RECORDED INFORMATION —
_____

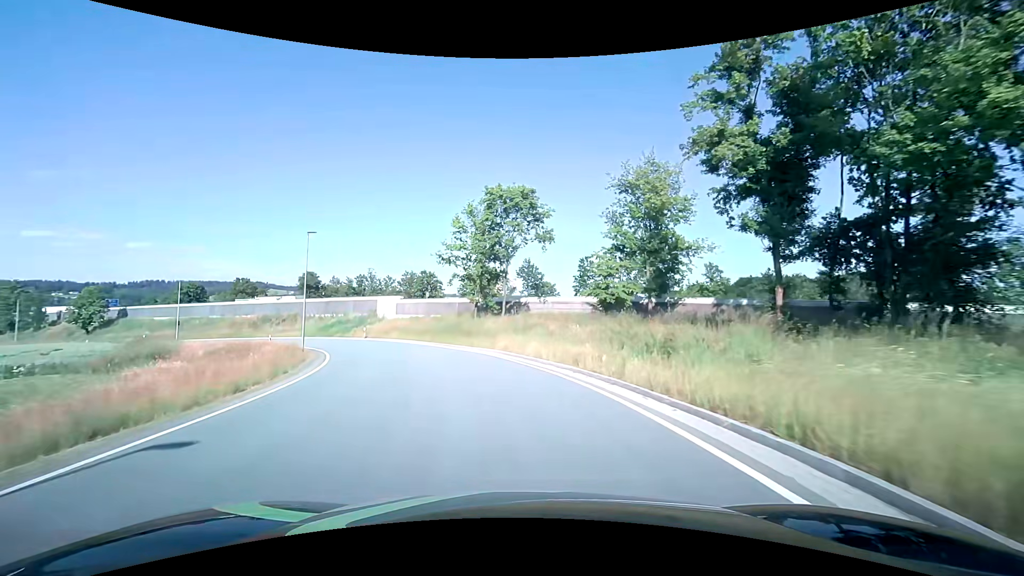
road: unclassified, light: Day
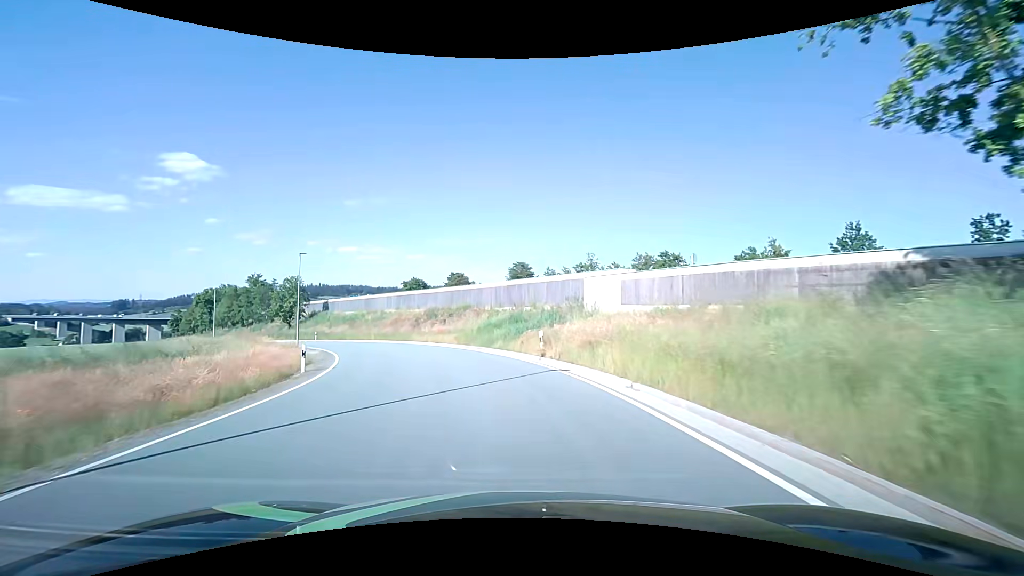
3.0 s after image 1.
(-6.8, +33.1) m; -26°
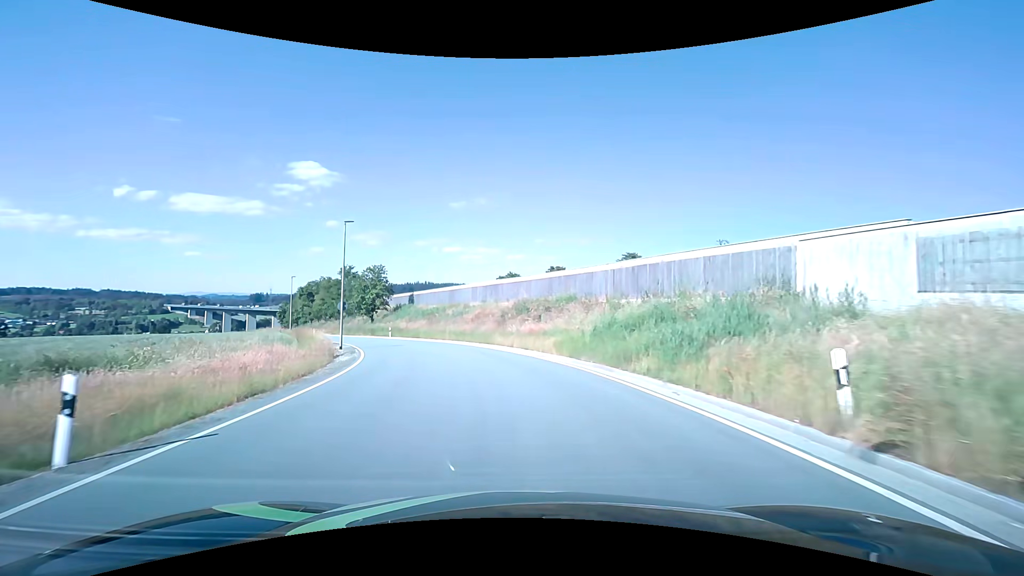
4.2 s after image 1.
(-1.4, +13.8) m; -11°
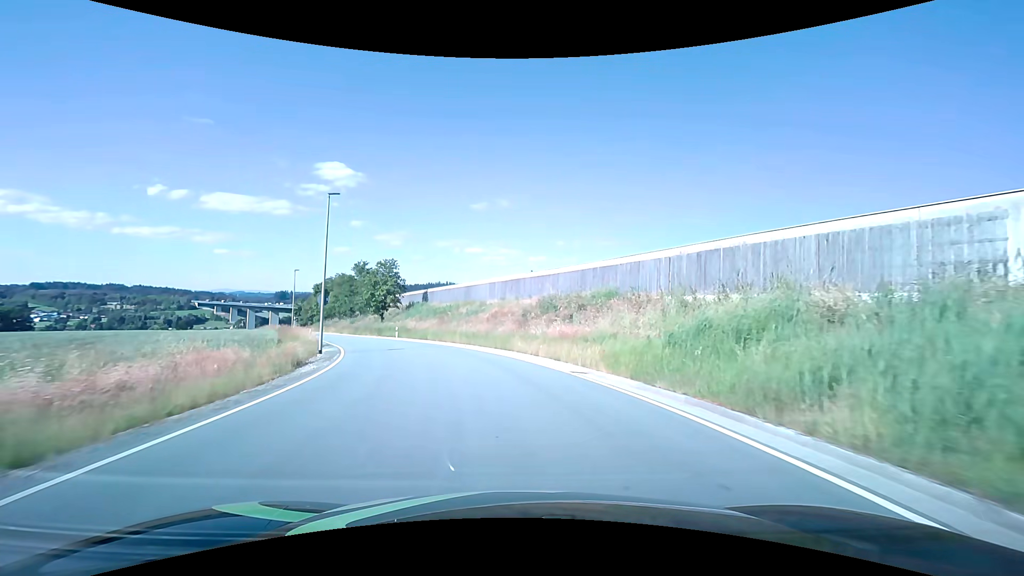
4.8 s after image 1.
(-0.2, +6.9) m; -3°
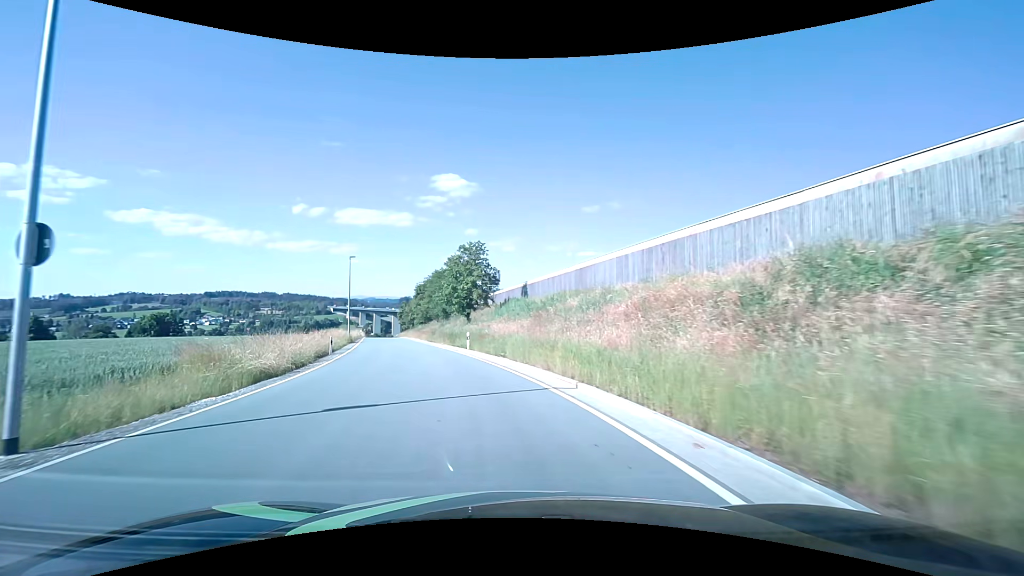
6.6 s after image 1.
(-1.5, +20.2) m; -12°
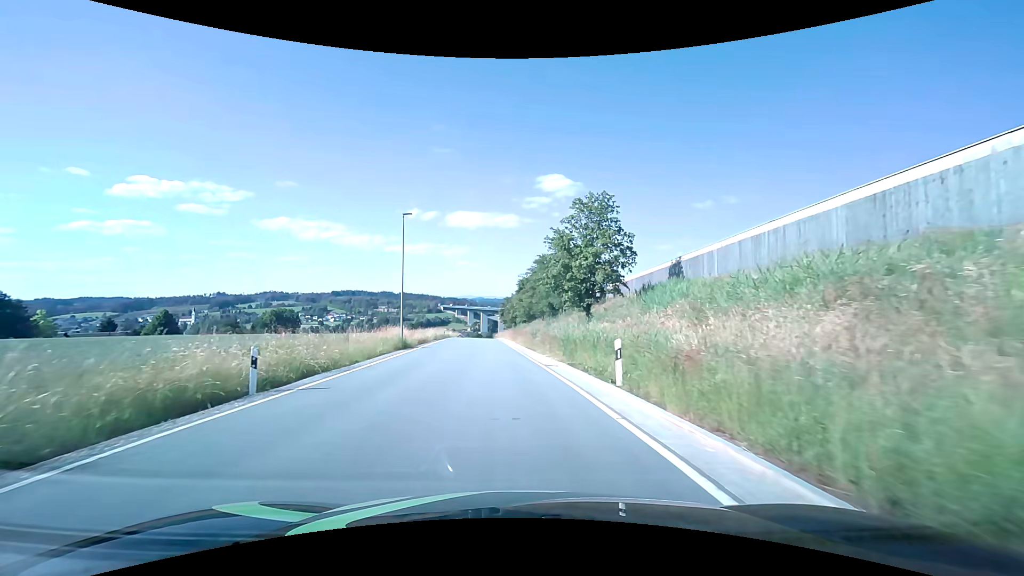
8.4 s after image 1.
(-2.7, +19.6) m; -13°
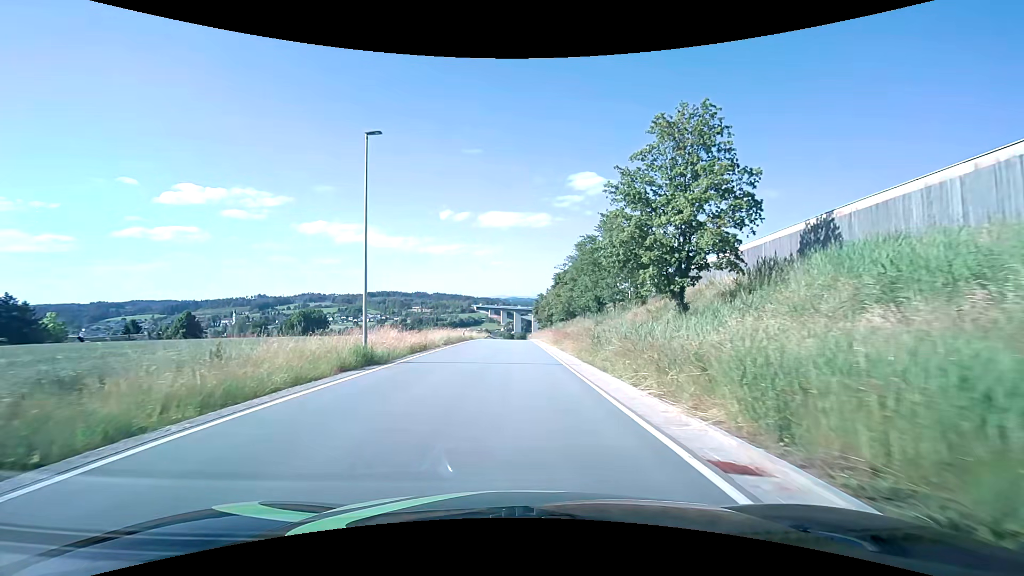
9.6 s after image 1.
(-0.5, +13.5) m; -4°
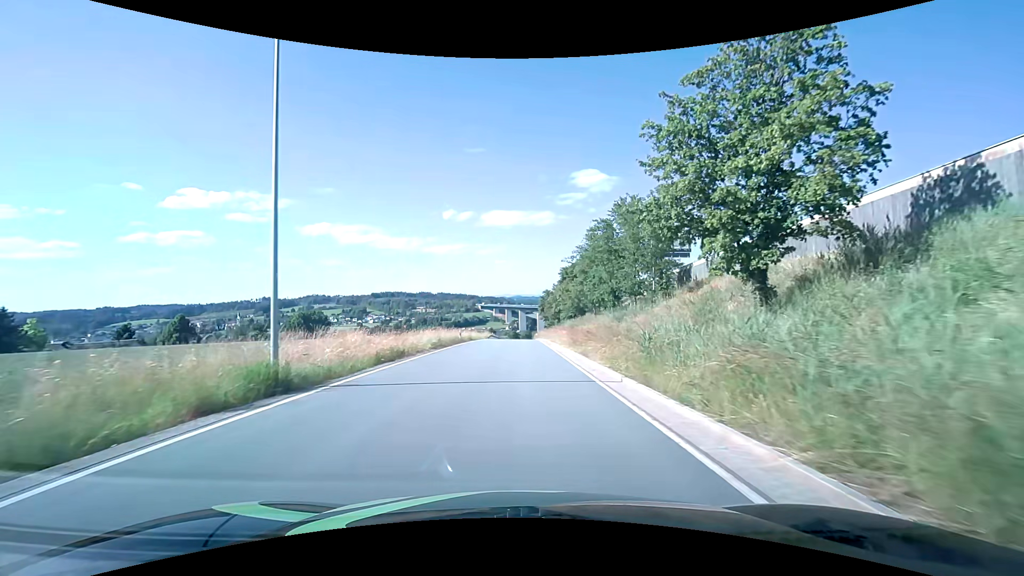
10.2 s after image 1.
(0.0, +6.9) m; -1°
(0, +10) (0, +20) (0, +30) (0, +40) (0, +50) (0, +60) (0, +70) (0, +80) (0, +90) (0, +100) m

_____

EXERCISE INSTRUCTIONS — Everything from the line holding "6.6 s after image 1." to the close of the records should be written out exactly, both ends included, with pictures omitted.

RESULT —
6.6 s after image 1.
(-1.5, +20.2) m; -12°
8.4 s after image 1.
(-2.7, +19.6) m; -13°
9.6 s after image 1.
(-0.5, +13.5) m; -4°
10.2 s after image 1.
(0.0, +6.9) m; -1°
(0, +10) (0, +20) (0, +30) (0, +40) (0, +50) (0, +60) (0, +70) (0, +80) (0, +90) (0, +100) m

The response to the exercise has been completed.